Mondays: March 16, April 20, May 18 I 7:45 - 9:15 pm
Romantics of all ages have waxed poetic on the notion of “soulmates,” seeking to grasp what makes love and passion so potent, what drives the inexplicable magnetism between two people, and what makes true love last. Yet millennia of Jewish text and tradition are rich with insights on this very topic, from the mystical and spiritual to the no-nonsense and practical.
Becoming a Better Half
Jewish Insights into Preserving Marital Harmony
Ironically, it is often only once we are married that we come face to face with our real selves, for better or for worse. Yet, the very essence of being human is having the ability to rise above--no matter the situation. When negative emotions escalate in the heat of the moment, how can we control our reaction?
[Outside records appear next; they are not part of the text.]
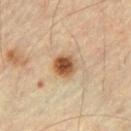biopsy_status: not biopsied; imaged during a skin examination
lighting: cross-polarized
automated_metrics:
  area_mm2_approx: 7.0
  eccentricity: 0.45
  shape_asymmetry: 0.15
  cielab_L: 55
  cielab_a: 20
  cielab_b: 36
  vs_skin_darker_L: 16.0
  border_irregularity_0_10: 1.5
  peripheral_color_asymmetry: 2.0
patient:
  sex: male
  age_approx: 55
image:
  source: total-body photography crop
  field_of_view_mm: 15
site: left thigh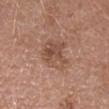notes = no biopsy performed (imaged during a skin exam) | acquisition = 15 mm crop, total-body photography | site = the arm | subject = female, in their mid- to late 40s | TBP lesion metrics = a mean CIELAB color near L≈50 a*≈20 b*≈28 and a normalized border contrast of about 6; a within-lesion color-variation index near 5.5/10 and peripheral color asymmetry of about 2.5 | illumination = white-light | diameter = ~4 mm (longest diameter).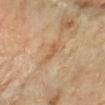The lesion was tiled from a total-body skin photograph and was not biopsied. From the left forearm. Cropped from a total-body skin-imaging series; the visible field is about 15 mm. A female subject aged 58 to 62. Imaged with cross-polarized lighting. Measured at roughly 2.5 mm in maximum diameter.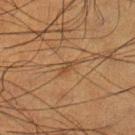Assessment:
Part of a total-body skin-imaging series; this lesion was reviewed on a skin check and was not flagged for biopsy.
Context:
A close-up tile cropped from a whole-body skin photograph, about 15 mm across. A male patient, aged approximately 50. Located on the left lower leg. Approximately 3 mm at its widest. Imaged with cross-polarized lighting.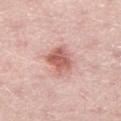Impression:
Captured during whole-body skin photography for melanoma surveillance; the lesion was not biopsied.
Clinical summary:
About 3.5 mm across. The tile uses white-light illumination. The lesion is on the right thigh. A male patient about 50 years old. This image is a 15 mm lesion crop taken from a total-body photograph.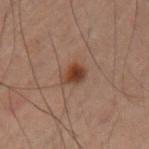workup: imaged on a skin check; not biopsied
acquisition: ~15 mm crop, total-body skin-cancer survey
subject: male, about 60 years old
body site: the left upper arm
illumination: cross-polarized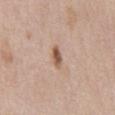* notes: no biopsy performed (imaged during a skin exam)
* lighting: white-light illumination
* body site: the chest
* image: 15 mm crop, total-body photography
* TBP lesion metrics: a footprint of about 3.5 mm², a shape eccentricity near 0.85, and a shape-asymmetry score of about 0.3 (0 = symmetric); a mean CIELAB color near L≈56 a*≈19 b*≈29, roughly 13 lightness units darker than nearby skin, and a lesion-to-skin contrast of about 9 (normalized; higher = more distinct); a border-irregularity index near 3/10 and a peripheral color-asymmetry measure near 1.5
* lesion size: ~3 mm (longest diameter)
* subject: male, approximately 60 years of age

Jewish text and tradition is rich with effective tools, tips, and meditations to let our “humanness” shine and turn the rough patches of our marriage into catalysts for becoming a better half.
Reservations for Two
Defining Marriage’s Boundaries
We are naturally loath to take any chances when it comes to our health or our business, but are we nearly as protective of our marriage? We may all agree that marriage requires boundaries to protect its exclusivity, but the question of where those lines should be drawn can spark heated debate. Judaism shows us not only how to thwart temptations that threaten our marriage from the outside, but how to enhance it from within by expanding the exclusivity of our relationship.
Happily Ever After?
The Challenge of Divorce, and What it Teaches About Marriage
Sadly, “happily ever after” is not the case for many marriages today. Yet, while Jewish law allows room for divorce, it also likens it to the tragedy of an amputation. What constitutes grounds for divorce according to Jewish law? How far must one go, and how much must one tolerate, to make a marriage work? When and how is it appropriate to meddle in another’s marital conflict? This lesson gives us insight into the sensitive issue of divorce, and what it teaches us about the unparallelled value that Judaism places on shalom bayit, peace in the home.